-
Notifications
You must be signed in to change notification settings - Fork 10
Description
Description:
The PyTorchSim MLIR backend does not support the repeat_interleave
operation, which is required for Grouped Query Attention (GQA) used in
modern LLMs like Mixtral 8x7B and Llama 2. In GQA, the number of KV heads
(n_local_heads) is smaller than the number of Q heads (n_head), and
repeat_interleave is used to expand K/V tensors to match Q's head count
(e.g., k.repeat_interleave(n_head // n_local_heads, dim=1)).
The error occurs in PyTorchSimFrontend/mlir/mlir_common.py at line 682-683
in the extract_dividers function, which raises NotImplementedError("Not
supporting this view operation...!") when encountering index expressions
with multiple free symbols.
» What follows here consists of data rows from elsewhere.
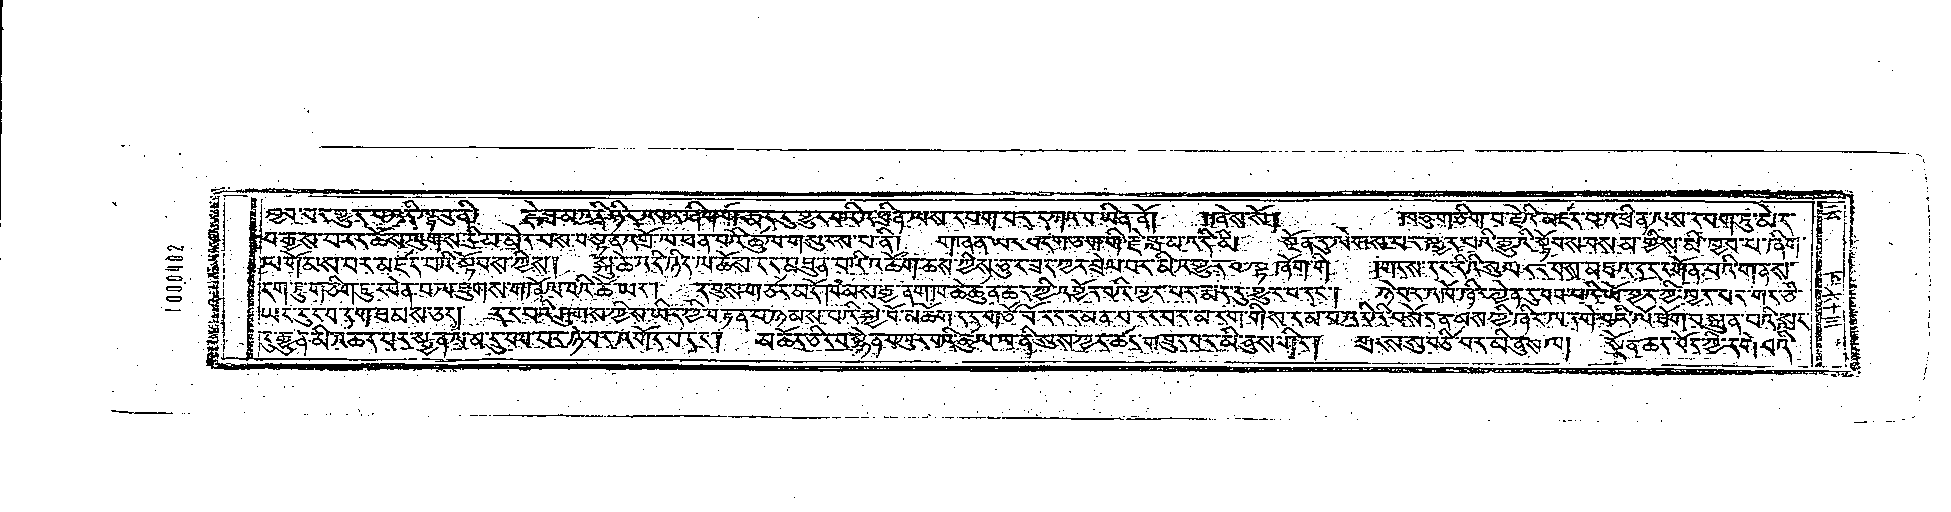ཁྱབ་པར་གྱུར་པ་འདི་ལྟ་བུ་ནི། རྗེ་བླ་མ་འདི་ཉིད་འབའ་ཞིག་གི་རྨད་དུ་བྱུང་བའི་འཕྲིན་ལས་དཔག་པར་དཀའ་བ་ཡིན་ནོ། །ཞེས་སོ། །བཅུ་གཅིག་པ་རྗེའི་མཛད་པ་འཕྲིན་ལས་དཔག་ཏུ་མེད་
པ་རྒྱས་པ་དང་ཆོས་ལུགས་དྲི་མ་མེད་པས་བསྟན་འགྲོ་ལ་ཕན་པའི་ཚུལ་གསུངས་པ་ནི། གཞན་ཡང་བདག་ཅག་གི་རྗེ་བླ་མ་འདི་ནི། སྔོན་དུ་ལེགས་པར་སྤྱད་པའི་རྒྱུའི་སྟོབས་བསམ་གྱིས་མི་ཁྱབ་པ་ཞིག་
ལ་གོམས་པར་མཛད་པའི་སྟོབས་ཀྱིས། སྐུ་ཆེ་འདི་ཉིད་ལ་ཆོས་དང་མཐུན་པའི་འཚོག་ཆས་ཀྱིས་ཅུང་ཟད་ཀྱང་བྲེལ་བར་མི་འགྱུར་བ་ལྟ་ཞོག་གི །གངས་དང་རིའི་སུལ་དང་བས་མཐའ་དང་དགོན་པའི་གནས་
དག་ཏུ་གཅིག་ཏུ་དབེན་པ་ལ་ཐུགས་གཞོལ་བའི་ཚེ་ཡང་། དབུས་གཙང་མདོ་ཁམས་རྒྱ་ནག་ཁ་ཆེ་ཚུན་ཆད་ཀྱི་འབྱོར་བའི་ཁྱད་པར་རྨད་དུ་བྱུང་བ་དང་། ཉེ་བར་འཁོ་ཞིང་རྐྱེན་དུ་བབ་པའི་ཡོ་བྱད་ཀྱི་ཁྱད་པར་གང་ཅི་
ཡང་རུང་བ་དག་ཐམས་ཅད། དང་པའི་ཤུགས་ཀྱིས་ཡིད་ཀྱི་བརྟན་པ་ཉམས་པའི་སྐྱེ་བོ་མཆོག་དང་གཙོ་བོ་དང་དམན་པ་དང་བར་མ་དག་གིས་དམ་བ་འདིའི་བསོད་ནམས་ཀྱི་ཞིང་ལ་དགེ་བའི་ལོ་ཐོག་བསྐྲུན་པའི་སླང་
དུ་རྒྱུན་མི་འཆད་པར་སྤྱན་ལམ་དུ་བབ་པར་ཉེ་བར་འགོད་པ་དང་། མཆོད་ཅིང་བསྙེན་བཀུར་བའི་ཚུལ་ལ་ནི་སུས་ཀྱང་ཚང་གཟུང་བར་མི་ནུས་ཤིང་། གྲངས་སུ་བཙི་བར་མི་ནུས་ལ། སྔོན་ཆད་བོད་ཀྱི་དགེ་བའི་

The repeat_interleave operation generates a
FloorDiv indexing pattern (e.g., index // 4 for 4x repetition) that the
current implementation cannot handle.
Current workaround: Set n_local_heads = -1 (which defaults to n_head),
effectively disabling GQA and using standard Multi-Head Attention (MHA).
This loses the memory efficiency benefits of GQA (4-8x KV cache
reduction).
Affected models: Mixtral 8x7B, Llama 2 70B, and other models using GQA.